Très belle battue du chef Nicola Luisotti qui sait diriger du Verdi rempli de couleurs et de contrastes.

Le tout dans une salle loin d’être remplie (au contraire de la Flûte enchantée de la veille d’ailleurs), Anja Harteros n’étant pas à Paris la grande star qu’elle est en Allemagne.

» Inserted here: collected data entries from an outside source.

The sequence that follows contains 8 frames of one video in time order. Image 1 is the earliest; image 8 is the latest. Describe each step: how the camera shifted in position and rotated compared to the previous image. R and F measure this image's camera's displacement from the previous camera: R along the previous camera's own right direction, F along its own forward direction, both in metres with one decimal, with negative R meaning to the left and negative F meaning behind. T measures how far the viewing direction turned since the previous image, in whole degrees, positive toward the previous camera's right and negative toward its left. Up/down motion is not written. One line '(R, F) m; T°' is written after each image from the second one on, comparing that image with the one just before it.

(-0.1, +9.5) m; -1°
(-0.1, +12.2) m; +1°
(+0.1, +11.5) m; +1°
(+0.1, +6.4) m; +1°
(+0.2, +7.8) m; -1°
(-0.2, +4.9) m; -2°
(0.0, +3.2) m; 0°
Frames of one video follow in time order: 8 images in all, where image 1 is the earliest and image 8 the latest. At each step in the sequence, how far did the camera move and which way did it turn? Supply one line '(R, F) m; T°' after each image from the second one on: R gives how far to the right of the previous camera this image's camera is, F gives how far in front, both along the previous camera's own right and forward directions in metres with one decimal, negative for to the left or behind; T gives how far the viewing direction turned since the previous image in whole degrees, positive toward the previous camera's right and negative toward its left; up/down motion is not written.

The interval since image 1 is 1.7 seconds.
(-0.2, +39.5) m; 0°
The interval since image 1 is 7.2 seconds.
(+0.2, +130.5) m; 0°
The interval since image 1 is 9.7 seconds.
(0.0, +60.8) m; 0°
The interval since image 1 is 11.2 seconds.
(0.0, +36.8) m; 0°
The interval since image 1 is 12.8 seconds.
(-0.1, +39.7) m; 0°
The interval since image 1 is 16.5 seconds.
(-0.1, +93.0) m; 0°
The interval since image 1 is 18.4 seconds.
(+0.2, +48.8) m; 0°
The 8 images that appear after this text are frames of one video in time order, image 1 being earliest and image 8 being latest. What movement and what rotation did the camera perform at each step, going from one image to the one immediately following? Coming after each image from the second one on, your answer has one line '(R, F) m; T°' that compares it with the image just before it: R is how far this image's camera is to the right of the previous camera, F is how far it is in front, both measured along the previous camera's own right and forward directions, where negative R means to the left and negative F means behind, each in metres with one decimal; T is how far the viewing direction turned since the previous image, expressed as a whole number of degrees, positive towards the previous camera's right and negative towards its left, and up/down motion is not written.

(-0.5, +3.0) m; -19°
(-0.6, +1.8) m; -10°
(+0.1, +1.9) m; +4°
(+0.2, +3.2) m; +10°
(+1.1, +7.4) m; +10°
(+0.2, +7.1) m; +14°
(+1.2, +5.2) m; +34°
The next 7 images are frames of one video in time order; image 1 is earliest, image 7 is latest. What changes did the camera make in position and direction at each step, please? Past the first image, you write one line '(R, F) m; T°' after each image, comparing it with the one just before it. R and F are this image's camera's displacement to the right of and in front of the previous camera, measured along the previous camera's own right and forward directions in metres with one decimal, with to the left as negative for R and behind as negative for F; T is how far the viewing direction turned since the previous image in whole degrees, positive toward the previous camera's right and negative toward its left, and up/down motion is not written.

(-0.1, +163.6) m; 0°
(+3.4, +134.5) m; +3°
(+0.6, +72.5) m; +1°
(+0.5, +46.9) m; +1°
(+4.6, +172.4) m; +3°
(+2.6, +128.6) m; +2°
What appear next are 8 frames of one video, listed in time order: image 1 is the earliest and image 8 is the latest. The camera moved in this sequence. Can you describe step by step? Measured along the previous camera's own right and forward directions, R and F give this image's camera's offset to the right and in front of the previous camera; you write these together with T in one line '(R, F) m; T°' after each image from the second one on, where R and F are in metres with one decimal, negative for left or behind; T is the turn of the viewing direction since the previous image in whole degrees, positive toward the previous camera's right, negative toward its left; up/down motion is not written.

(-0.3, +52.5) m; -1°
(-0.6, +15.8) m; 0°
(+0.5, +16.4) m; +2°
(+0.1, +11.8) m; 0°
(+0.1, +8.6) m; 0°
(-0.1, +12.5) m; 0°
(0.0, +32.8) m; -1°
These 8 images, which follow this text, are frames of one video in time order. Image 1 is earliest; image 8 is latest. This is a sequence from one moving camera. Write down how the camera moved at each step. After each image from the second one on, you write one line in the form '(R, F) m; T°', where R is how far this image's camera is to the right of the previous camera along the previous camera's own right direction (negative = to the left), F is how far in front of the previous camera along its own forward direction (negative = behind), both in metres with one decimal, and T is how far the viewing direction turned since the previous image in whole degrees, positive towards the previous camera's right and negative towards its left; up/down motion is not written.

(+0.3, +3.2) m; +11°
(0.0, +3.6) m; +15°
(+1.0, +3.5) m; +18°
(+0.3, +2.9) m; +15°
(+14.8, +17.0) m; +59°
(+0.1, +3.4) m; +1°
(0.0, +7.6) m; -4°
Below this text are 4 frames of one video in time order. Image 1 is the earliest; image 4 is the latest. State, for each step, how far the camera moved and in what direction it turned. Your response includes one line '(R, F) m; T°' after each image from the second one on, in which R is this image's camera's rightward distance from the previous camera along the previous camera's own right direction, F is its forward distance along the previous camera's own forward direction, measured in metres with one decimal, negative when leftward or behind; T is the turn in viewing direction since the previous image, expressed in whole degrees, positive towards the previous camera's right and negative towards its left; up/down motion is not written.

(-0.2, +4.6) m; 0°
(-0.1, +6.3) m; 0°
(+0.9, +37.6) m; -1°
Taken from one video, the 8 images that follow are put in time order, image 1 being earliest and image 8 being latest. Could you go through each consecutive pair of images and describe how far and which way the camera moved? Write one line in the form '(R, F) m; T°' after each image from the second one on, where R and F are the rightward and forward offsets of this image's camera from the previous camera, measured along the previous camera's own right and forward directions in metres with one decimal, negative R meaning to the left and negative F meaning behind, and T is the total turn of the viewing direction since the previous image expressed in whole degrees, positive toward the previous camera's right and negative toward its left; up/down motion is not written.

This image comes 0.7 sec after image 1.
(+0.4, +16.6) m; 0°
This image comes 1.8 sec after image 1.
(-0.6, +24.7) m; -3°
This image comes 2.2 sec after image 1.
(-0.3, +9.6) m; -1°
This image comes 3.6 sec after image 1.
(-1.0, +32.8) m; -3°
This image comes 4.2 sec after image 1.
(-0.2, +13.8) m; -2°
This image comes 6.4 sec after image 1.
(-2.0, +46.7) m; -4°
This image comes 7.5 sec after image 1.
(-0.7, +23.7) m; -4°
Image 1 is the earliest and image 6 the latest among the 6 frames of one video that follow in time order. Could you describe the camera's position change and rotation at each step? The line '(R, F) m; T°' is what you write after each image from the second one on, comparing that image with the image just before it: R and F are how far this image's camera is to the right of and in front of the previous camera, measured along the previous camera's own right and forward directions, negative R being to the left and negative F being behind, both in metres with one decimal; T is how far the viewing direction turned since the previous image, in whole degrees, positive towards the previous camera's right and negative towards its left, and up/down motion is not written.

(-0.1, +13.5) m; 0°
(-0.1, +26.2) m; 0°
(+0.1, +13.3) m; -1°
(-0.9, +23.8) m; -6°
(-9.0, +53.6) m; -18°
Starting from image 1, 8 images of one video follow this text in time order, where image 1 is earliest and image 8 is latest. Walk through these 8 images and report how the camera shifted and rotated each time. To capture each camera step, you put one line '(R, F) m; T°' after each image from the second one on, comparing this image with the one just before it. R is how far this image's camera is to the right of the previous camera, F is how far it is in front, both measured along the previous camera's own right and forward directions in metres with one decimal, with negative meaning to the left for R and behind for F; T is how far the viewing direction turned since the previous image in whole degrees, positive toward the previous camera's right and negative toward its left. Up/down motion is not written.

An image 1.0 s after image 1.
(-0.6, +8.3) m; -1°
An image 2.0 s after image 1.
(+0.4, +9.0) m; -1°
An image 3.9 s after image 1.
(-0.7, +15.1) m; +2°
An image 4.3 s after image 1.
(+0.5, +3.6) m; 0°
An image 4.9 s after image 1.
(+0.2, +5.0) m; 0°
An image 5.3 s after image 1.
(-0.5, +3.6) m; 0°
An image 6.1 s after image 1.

Dommage quand même de ne pas profiter de sa présence pour voir cette réalisation qui, sans laisser de souvenirs inoubliables, comporte au moins cette prestation exceptionnelle !
Il est vrai que les deux prestations de Munich puis de Londres de cette Forza, vues l'une il y a quelques années et l'autre il y a quelques semaines, donnaient une toute autre force à cette oeuvre un peu hybride mais musicalement fascinante.